La Conférence douanière Inter-Caraïbe a instauré un Bureau conjoint de renseignement (BCR) à San Juan (Porto Rico), ainsi qu'un système régional de « clearance » (SRC) permettant d'accéder à une base de données alimentée en temps réel par les différents services des douanes lors de l'accomplissement des formalités douanières. Ce système permet de suivre les mouvements de bateaux de plaisance. Il a été enrichi d'une seconde base de données dans laquelle les administrations membres signalent les saisies de produits prohibés et les autres faits marquants.

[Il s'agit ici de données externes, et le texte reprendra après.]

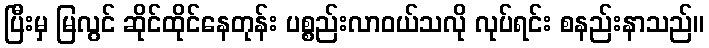
ပြီးမှ မြလွင် ဆိုင်ထိုင်နေတုန်း ပစ္စည်းလာဝယ်သလို လုပ်ရင်း စနည်းနာသည်။
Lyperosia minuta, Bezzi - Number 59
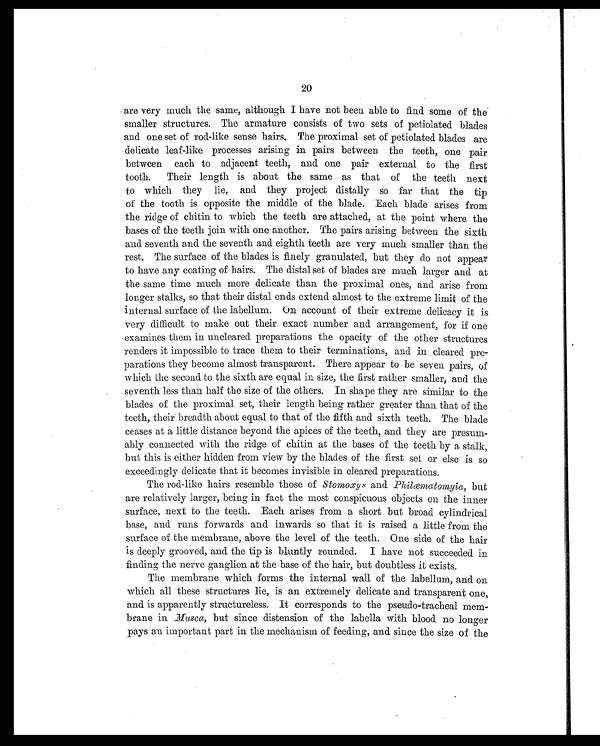
20
are very much the same, although I have not been able to find some of the
smaller structures. The armature consists of two sets of petiolated blades
and one set of r od- l i ke sense hai r s. The pr oxi mal set of pet i ol at ed bl ades ar e
delicate leaf-like processes arising in pairs between the teeth, one pair
between each to adjacent teeth, and one pair external to the first
tooth. Their length is about the same as that of the teeth next
to which they lie, and they project distally so far that the tip
of the tooth is opposite the middle of the blade. Each blade arises from
the ridge of chitin to which the teeth are attached, at the point where the
bases of the teeth join with one another. The pairs arising between the sixth
and seventh and the seventh and eighth teeth are very much smaller than the
rest. The surface of the blades is finely granulated, but they do not appear
to have any coating of hairs. The distal set of blades are much larger and at
the same time much more delicate than the proximal ones, and arise from
longer stalks, so that their distal ends extend almost to the extreme limit of the
internal surface of the labellum. On account of their extreme delicacy it is
very difficult to make out their exact number and arrangement, for if one
examines them in uncleared preparations the opacity of the other structures
renders it impossible to trace them to their terminations, and in cleared pre
- p a r a t i o n s t h e y b e c o m e a l m o s t t r a n s p a r e n t . T h e r e a p p e a r t o b e s e v e n p a i r s , o f
which the second to the sixth are equal in size, the first rather smaller, and the
seventh less than half the size of the others. In shape they are similar to the
blades of the proximal set, their length being rather greater than that of the
teeth, their breadth about equal to that of the fifth and sixth teeth. The blade
ceases at a little distance beyond the apices of the teeth, and they are presum
- a b l y c o n n e c t e d w i t h t h e r i d g e o f c h i t i n a t t h e b a s e s o f t h e t e e t h b y a s t a l k ,
but this is either hidden from view by the blades of the first set or else is so
exceedingly delicate that it becomes invisible in cleared preparations.
The rod-like hairs resemble those of Stomoxysa n d
P h i l œ m a t o m y i a
, b u t
are relatively larger, being in fact the most conspicuous objects on the inner
surface, next to the teeth. Each arises from a short but broad cylindrical
base, and runs forwards and inwards so that it is raised a little from the
surface of the membrane, above the level of the teeth. One side of the hair
is deeply grooved, and the tip is bluntly rounded. I have not succeeded in
finding the nerve ganglion at the base of the hair, but doubtless it exists.
The membrane which forms the internal wall of the labellum, and on
which all these structures lie, is an extremely delicate and transparent one,
and is apparently structureless. It corresponds to the pseudo-tracheal mem
- b r a n e i n
M u s c a
, b u t s i n c e d i s t e n s i o n o f t h e l a b e l l a w i t h b l o o d n o l o n g e r
pays an important part in the mechanism of feeding, and since the size of the

Le plan stratégique 2007-2012 adopté par la Conférence douanière Inter-Caraïbe retient sept objectifs : renforcer la coopération en matière de lutte contre la fraude et d'échange d'information ; renforcer et améliorer les contrôles et la sécurité aux frontières ; promouvoir le renforcement des capacités (gestion des ressources humaines et programmes ad hoc) ; moderniser les procédures et législations douanières ; mettre en oeuvre des mesures pour combattre la corruption et renforcer l'intégrité ; promouvoir l'image de marque de la Conférence et le partenariat avec les instances gouvernementales et internationales ; appuyer les efforts de la région en faveur de la facilitation du commerce.

On doit également signaler la signature à San José (Costa Rica), le 10 avril 2003, par neuf Etats de la région (Etats-Unis, Jamaïque, Pays-Bas, Guatemala, Nicaragua, Costa Rica, République dominicaine et France), de l' accord concernant la coopération en vue de la répression du trafic illicite maritime et aérien de stupéfiants et de substances psychotropes dans la région des Caraïbes. L' accord de San José couvre tous les aspects de la coopération en matière de lutte contre les trafics, de l'échange de renseignements aux opérations d'arraisonnement de navires suspects.

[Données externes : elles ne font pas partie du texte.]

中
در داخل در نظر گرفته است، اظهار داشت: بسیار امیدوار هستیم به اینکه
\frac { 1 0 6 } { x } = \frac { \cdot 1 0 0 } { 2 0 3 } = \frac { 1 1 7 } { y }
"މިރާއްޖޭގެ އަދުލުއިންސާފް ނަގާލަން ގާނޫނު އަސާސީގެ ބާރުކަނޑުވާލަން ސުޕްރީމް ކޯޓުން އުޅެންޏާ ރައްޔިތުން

Ces accords multilatéraux se doublent d' accords bilatéraux . Ainsi, la France a conclu des accords de coopération policière et douanière avec le Venezuela et la Colombie

Au plan opérationnel, les Etats-Unis jouent un rôle important au travers de la Joint InterAgency Task Force-SouthJIATF-S située à Key West en Floride. Cette structure opérationnelle, à laquelle participent également la France, les Pays-Bas, l'Espagne, le Venezuela et la Colombie, est chargée des opérations de surveillance et de répression du trafic de stupéfiants par voie aérienne et maritime dans cette région.

B. LA RECHERCHE D'UN CADRE JURIDIQUE POUR LA COOPÉRATION FRANCO-NÉERLANDAISE SUR L'ÎLE DE SAINT-MARTIN

La France comme les Pays-Bas sont directement intéressés à la coopération douanière dans la région des Caraïbes : la France à travers les départements d'outre-mer de la Martinique et de la Guadeloupe et les collectivités de Saint-Barthélemy et de Saint-Martin ; les Pays-Bas à travers les diverses îles des Antilles néerlandaises.

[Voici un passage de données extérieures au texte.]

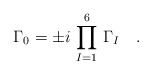
\begin{align*}\Gamma_0 = \pm i\,\prod_{I=1}^6 \,\Gamma_I\quad.\end{align*}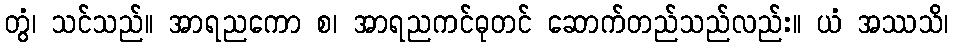
တွံ၊ သင်သည်။ အာရညကော စ၊ အာရညကင်ဓုတင် ဆောက်တည်သည်လည်း။ ယံ အဿသိ၊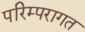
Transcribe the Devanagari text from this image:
परिम्परागत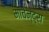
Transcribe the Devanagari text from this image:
माचेन्द्रा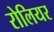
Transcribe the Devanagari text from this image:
रोलियर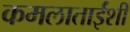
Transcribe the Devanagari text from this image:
कमलाताईंशी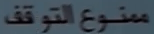
منوع التوقف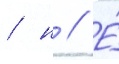
/ н // Е́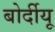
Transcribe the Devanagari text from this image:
बोर्दीयू

Cette coopération est encore plus nécessaire sur l' île de Saint-Martin , pour partie sous souveraineté française et pour partie sous souveraineté néerlandaise.

L'île de Saint-Martin

Saint-Martin est une île du nord-est des Antilles, située à 250 kilomètres au nord de l'archipel de la Guadeloupe et 240 kilomètres à l'est de Porto-Rico.

Le traité de Concordia, signé le 23 mars 1648 entre la France et les Pays-Bas, a entériné la partition de l'île. D'une superficie de 90 km², Saint-Martin est ainsi le plus petit territoire au monde à être partagé entre deux Etats.

La partie française (56 km²) recouvre le nord de l'île et compte 36 000 habitants. Saint-Martin constituait une commune du département de la Guadeloupe, avant de devenir une collectivité d'outre-mer de la République à la suite de la réforme institutionnelle de 2007.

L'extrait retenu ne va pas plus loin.